Jessa M J, Goddard A F, Barrett D A, Shaw P N, Spiller R C
Department of Pharmaceutical Sciences, University of Nottingham, UK.
Br J Clin Pharmacol. 1997 Sep;44(3):245-53. doi: 10.1046/j.1365-2125.1997.t01-1-00572.x.
To evaluate the effect of omeprazole on the pharmacokinetics of metronidazole and hydroxymetronidazole in plasma, gastric juice and saliva following intravenous infusion or oral dosing of metronidazole.
Eight volunteers received single doses of metronidazole (400 mg) intravenously and orally, whilst taking placebo or omeprazole (40 mg, twice daily for 5 days) in a randomized 4-way crossover study. Metronidazole and hydroxymetronidazole concentrations in plasma, saliva and gastric juice samples were determined by h.p.l.c. Pharmacokinetic parameters for metronidazole and hydroxymetronidazole were calculated, and the significance of the mean differences in parameters between omeprazole and placebo co-administration was assessed using a two-tailed, paired t-test.
There were no significant differences (P < 0.05) in any of the plasma or saliva pharmacokinetic parameter values for metronidazole between volunteers receiving omeprazole or placebo when metronidazole was administered either as an intravenous infusion or orally. Following intravenous administration of metronidazole to the placebo group and omeprazole treated group respectively, the gastric transfer of metronidazole was significantly reduced from 15.5 +/- 10.4% to 2.6 +/- 1.0% of the dose (P = 0.007; 95% CI of difference 4.8 to 21.0) with concomitant changes in the metronidazole AUC (from 77.5 +/- 18.0 mumol l-1 h to 352.6 +/- 182.1 mumol l-1 h; P = 0.0003; 95% CI of difference 127.6 to 422.7), Cmax (from 61.4 +/- 26.5 mumol l-1 to 271.8 +/- 104.3 mumol l-1; p = 0.0001; 95% CI of difference 118.6 to 302.1). Similarly, the gastric juice AUC of hydroxymetronidazole was significantly reduced from 3.2 +/- 1.9 mumol l-1 h to 1.5 +/- 0.8 mumol l-1 h of the dose (P = 0.0043; 95% CI of difference 0.4 to 3.0) with a concomitant change in Cmax (from 5.0 +/- 2.5 mumol l-1 to 3.0 +/- 1.2 mumol l-1; P = 0.0007; 95% CI of difference 0.7 to 3.4).

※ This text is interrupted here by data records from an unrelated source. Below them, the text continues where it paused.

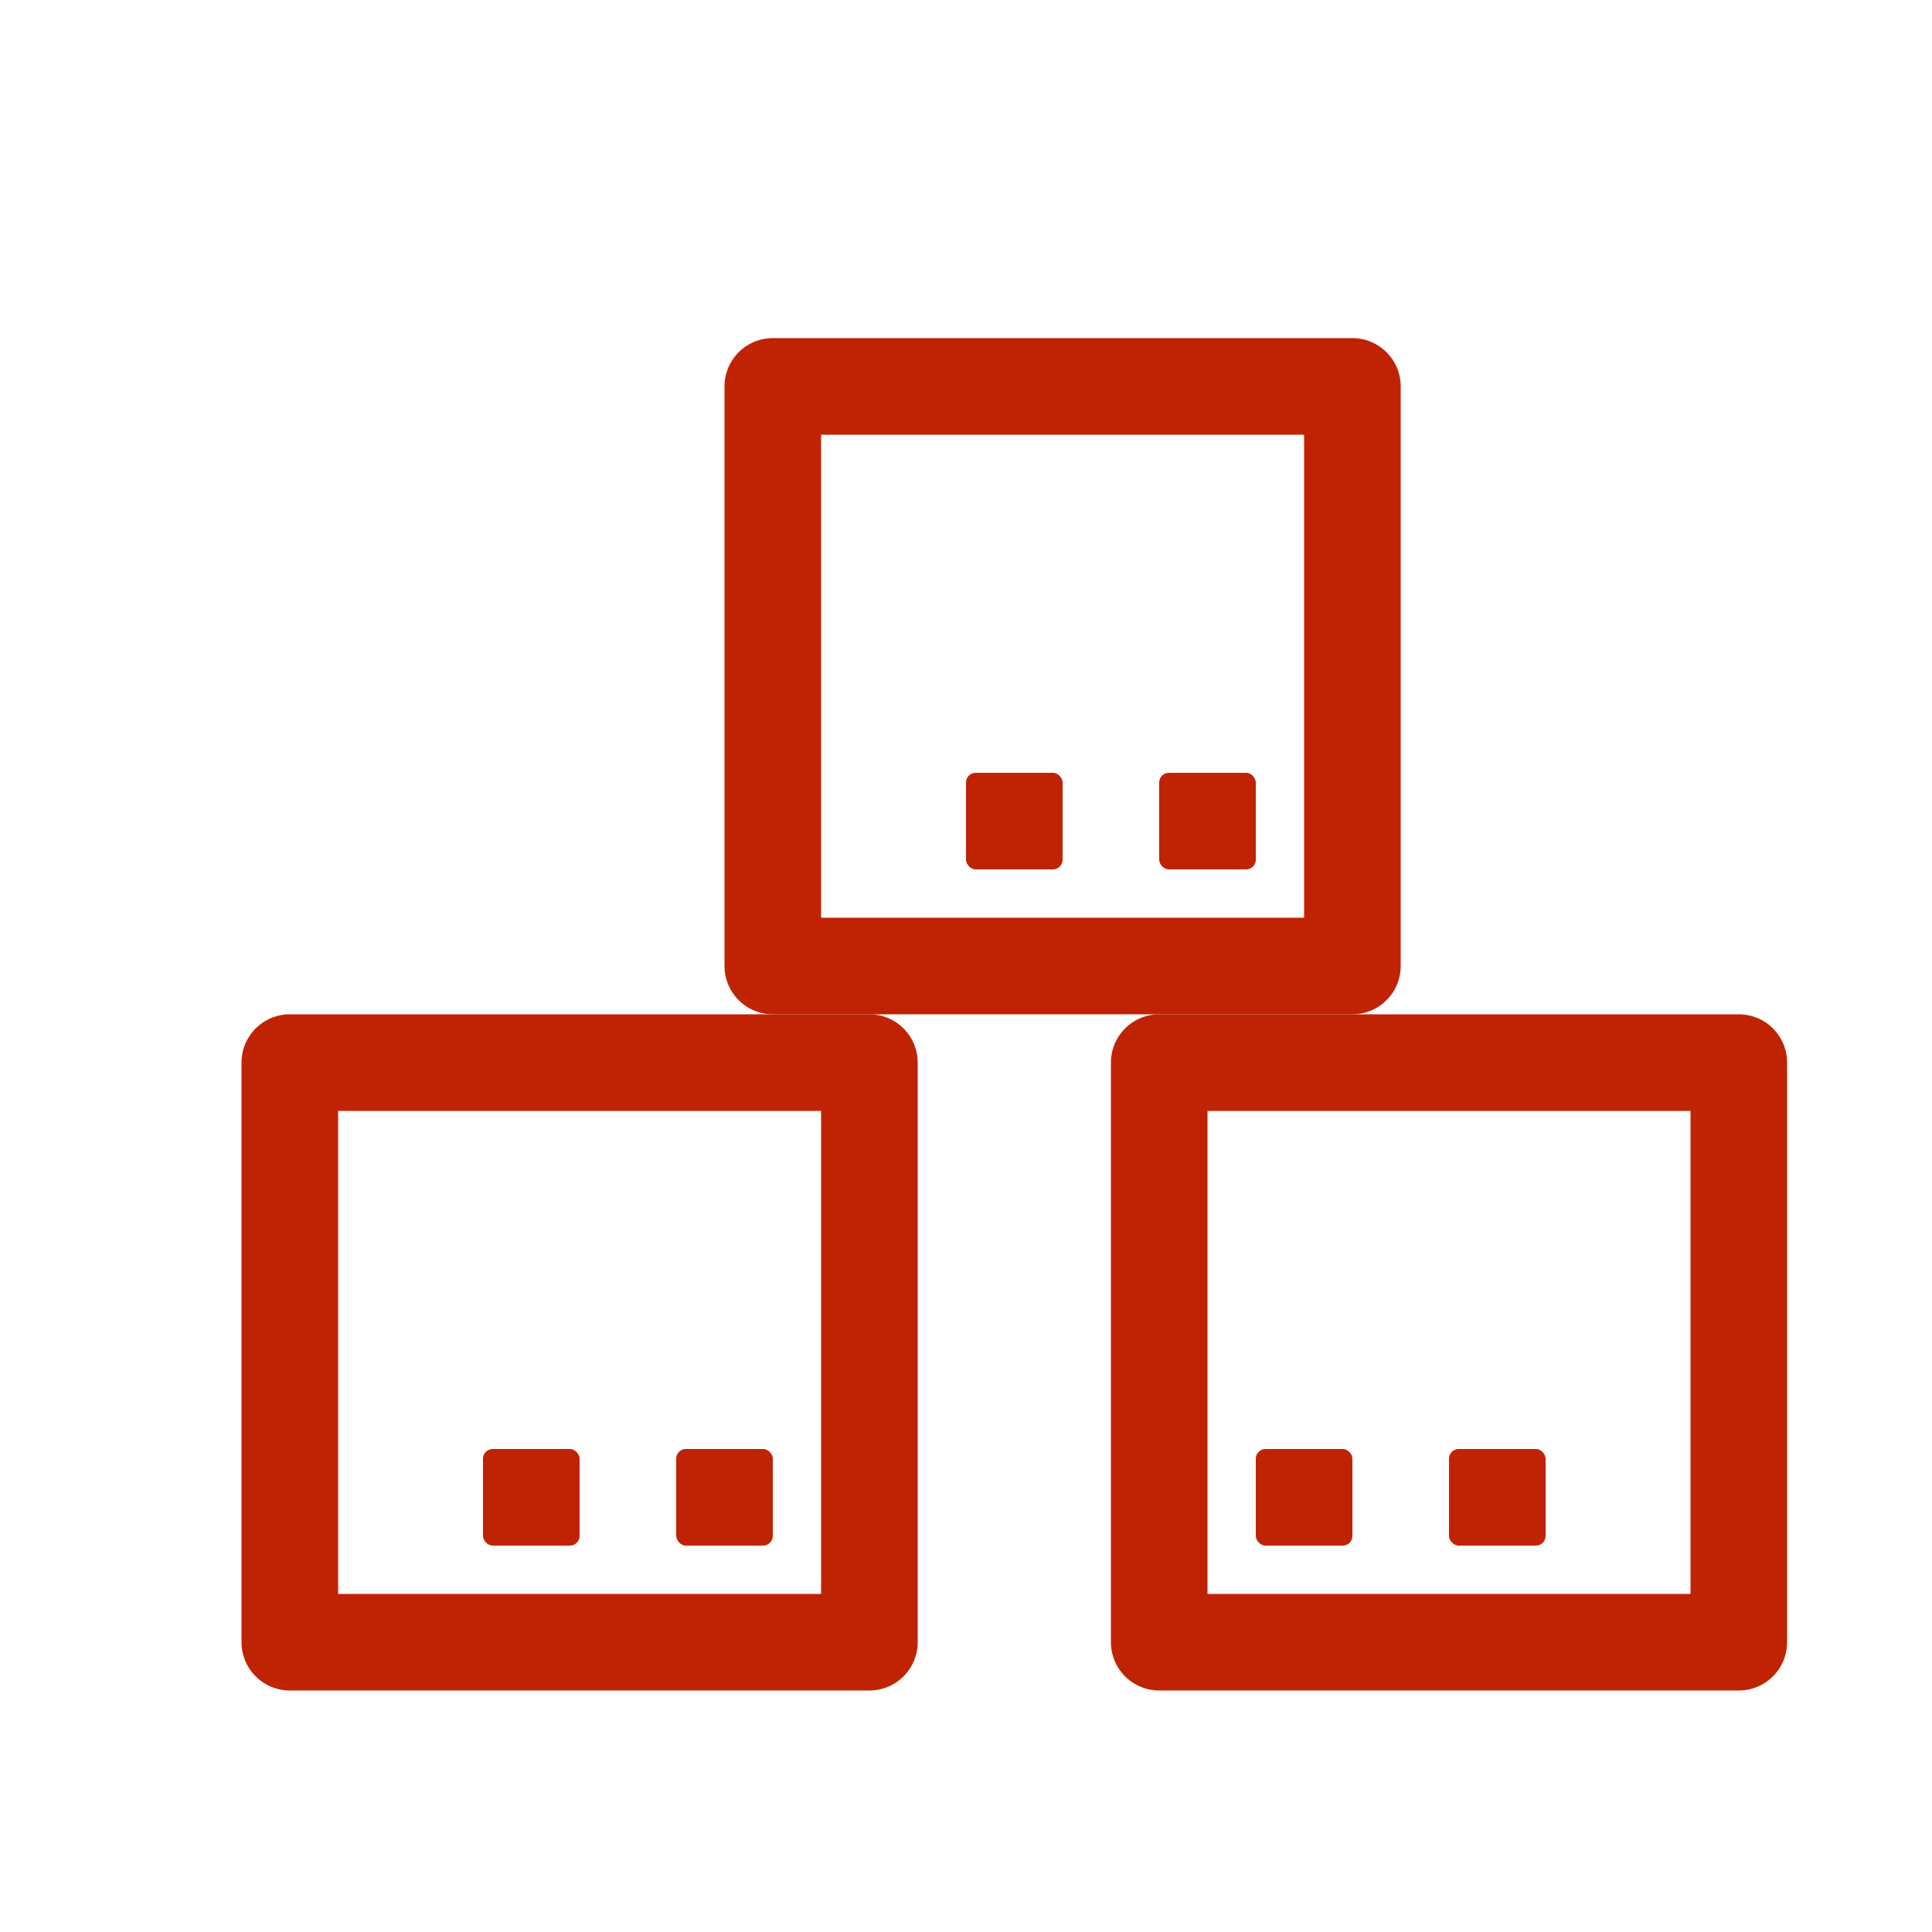 <svg xmlns="http://www.w3.org/2000/svg" width="20" height="20" viewBox="0 0 20 20">
  <g fill="none" fill-rule="evenodd">
    <rect width="19.2" height="19.2"/>
    <g transform="translate(3 11)">
      <rect width="6" height="6" stroke="#C02303" stroke-linejoin="round"/>
      <g fill="#C02303" transform="translate(2 4)">
        <rect width="1" height="1" x="2" rx=".1"/>
        <rect width="1" height="1" rx=".1"/>
      </g>
    </g>
    <g transform="translate(12 11)">
      <rect width="6" height="6" stroke="#C02303" stroke-linejoin="round"/>
      <rect width="1" height="1" x="1" y="4" fill="#C02303" rx=".1"/>
      <rect width="1" height="1" x="3" y="4" fill="#C02303" rx=".1"/>
    </g>
    <g transform="translate(8 4)">
      <rect width="6" height="6" stroke="#C02303" stroke-linejoin="round"/>
      <rect width="1" height="1" x="4" y="4" fill="#C02303" rx=".1"/>
      <rect width="1" height="1" x="2" y="4" fill="#C02303" rx=".1"/>
    </g>
  </g>
</svg>

Omeprazole had little effect on the plasma and salivary pharmacokinetics of metronidazole (or its hydroxymetabolite) after intravenous or oral administration, but it did have a substantial effect on the pharmacokinetics of metronidazole and hydroxymetronidazole in gastric juice.
评估奥美拉唑对甲硝唑静脉输注或口服给药后,血浆、胃液和唾液中甲硝唑及羟基甲硝唑药代动力学的影响。
在一项随机四交叉研究中,8名志愿者分别静脉注射和口服单剂量甲硝唑(400mg),同时服用安慰剂或奥美拉唑(40mg,每日两次,共5天)。采用高效液相色谱法测定血浆、唾液和胃液样本中甲硝唑和羟基甲硝唑的浓度。计算甲硝唑和羟基甲硝唑的药代动力学参数,并采用双侧配对t检验评估奥美拉唑与安慰剂联合给药时参数平均差异的显著性。
当甲硝唑静脉输注或口服给药时,接受奥美拉唑或安慰剂的志愿者之间,甲硝唑的任何血浆或唾液药代动力学参数值均无显著差异(P<0.05)。分别向安慰剂组和奥美拉唑治疗组静脉注射甲硝唑后,甲硝唑的胃内转运显著降低,从剂量的15.5±10.4%降至2.6±1.0%(P = 0.007;差异的95%置信区间为4.8至21.0),同时甲硝唑的AUC发生变化(从77.5±18.0μmol·l-1·h增至352.6±182.1μmol·l-1·h;P = 0.0003;差异的95%置信区间为127.6至422.7),Cmax(从61.4±26.5μmol·l-1增至271.8±104.3μmol·l-1;p = 0.0001;差异的95%置信区间为118.6至302.1)。同样,羟基甲硝唑的胃液AUC从剂量的3.2±1.9μmol·l-1·h显著降至1.5±0.8μmol·l-1·h(P = 0.0043;差异的95%置信区间为0.4至3.0),同时Cmax发生变化(从5.0±2.5μmol·l-1降至3.0±1.2μmol·l-1;P = 0.0007;差异的95%置信区间为0.7至3.4)。
奥美拉唑对静脉或口服给药后甲硝唑(或其羟基代谢物)的血浆和唾液药代动力学影响较小,但对胃液中甲硝唑和羟基甲硝唑的药代动力学有显著影响。